Final body weights were significantly less in infected groups than the respective control groups. Weights were significantly higher in Coxynil groups than Salinomycin groups. Similar trend was observed for weekly weight gains. Total feed intake was less in infected groups than the respective control groups. Feed intake was higher in Coxynil groups than Salinomycin and control groups. After oocysts challenge, FCR in infected groups were higher than respective control groups. FCR in Coxynil groups was better than Salinomycin birds, while opposite was noted in infected groups.
Both the coccidiostats used in the study delayed the appearance of clinical symptoms as compared to infected control group (IA). Mortality was observed only in IA and IC. Average OPG was highest in IA followed by that in IC, ID and IB. Salinomycin was found to be better in reducing OPG as compared to Coxynil, and OPG, in Coxynil treated groups, was less than infected control (IA), over the period.
Haemorrhages, blood clots and distension of caeca, on 6 DPI and caecal core formation and thickening of caecal wall, on 9 DPI, were the prominent gross findings in IA. Salinomycin was found to be more effective than Coxynil in reducing the intensity of lesions. Caecal lesion score on 6 DPI was highest in the infected groups. Average score for the period did not differ significantly between the groups.
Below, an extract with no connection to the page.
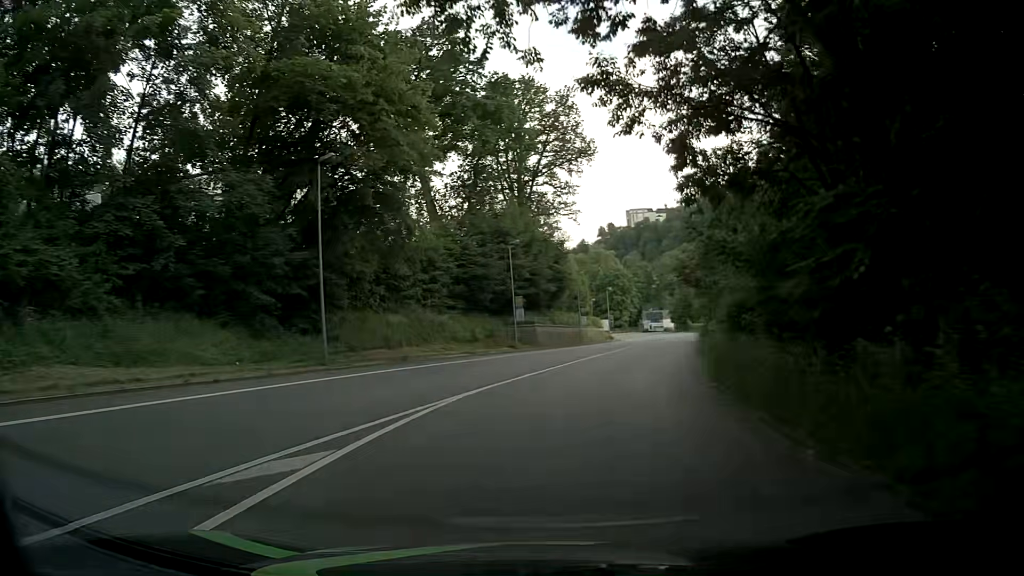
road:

Microscopically, catarrhal enteritis was evident in all the infected groups, on 3 DPI. Denuded epithelium, large number of schizonts and gametes, alongwith haemorrhages (in mucosa and submucosa), on 6 DPI and exfoliated epithelium alongwith oocysts in mucosa, on 9 DPI, were the prominent alterations in group IA. Salinomycin was found to be more effective than Coxynil, in reducing the changes.
ANAE cell counts, on 9 DPI, were significantly higher in infected groups than the respective control groups. Coxynil was found to be more beneficial over Salinomycin, as highest count, was observed in IC, amongst all the groups. Average HI titers, in the infected groups were low as compared to respective control groups and significantly lowest in IA, amongst all the groups. Coxynil groups revealed higher titers than Salinomycin treated birds.
MATERIALS AND METHODS
The present research work was conducted at the Department of Pathology, Bombay Veterinary College, Parel, Mumbai-12, India, to study the pathological and immunological changes following experimental coccidial infection and to evaluate the effects of Coxynil – a herbal coccidiostat on these changes and overall performance of broilers.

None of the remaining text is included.